» **PROBLEM REQUIREMENTS**: Reproduce the data below in full and exclude every picture.

» **ENTRIES SUPPLIED**:
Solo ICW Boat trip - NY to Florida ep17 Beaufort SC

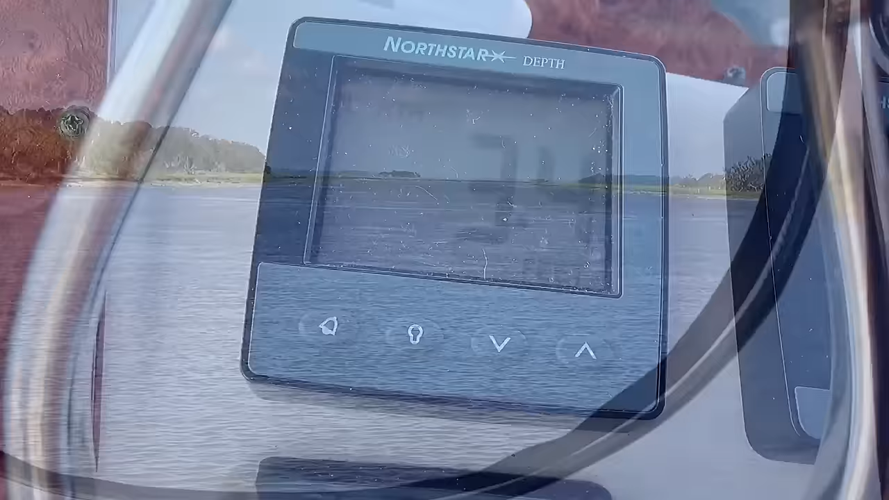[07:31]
all right another one of these shallow channels get an idea how shallow it is here look at the crab pots
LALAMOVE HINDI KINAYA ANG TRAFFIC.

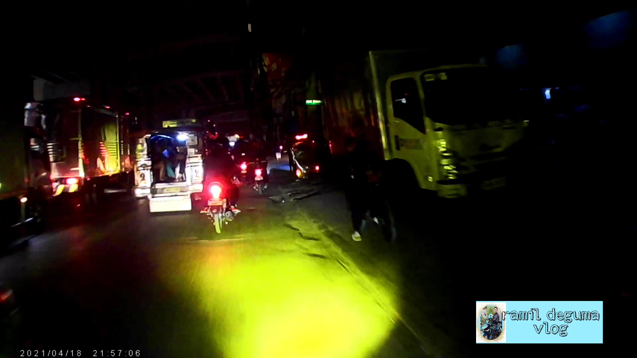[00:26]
Sige Mabala Ang lakas naman Lakas ng impact naman Betid masira yung ano yun
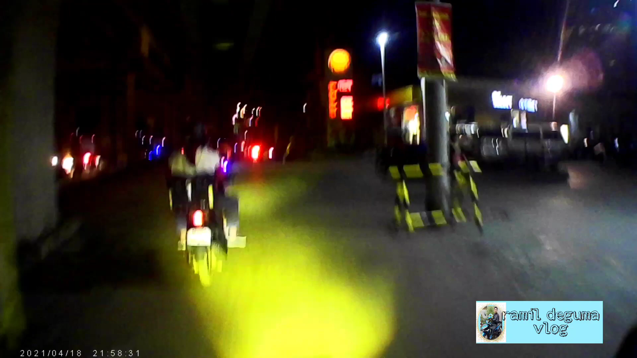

» **SOLUTION FOR THIS PROBLEM**:
Solo ICW Boat trip - NY to Florida ep17 Beaufort SC

[07:31]
all right another one of these shallow channels get an idea how shallow it is here look at the crab pots
LALAMOVE HINDI KINAYA ANG TRAFFIC.

[00:26]
Sige Mabala Ang lakas naman Lakas ng impact naman Betid masira yung ano yun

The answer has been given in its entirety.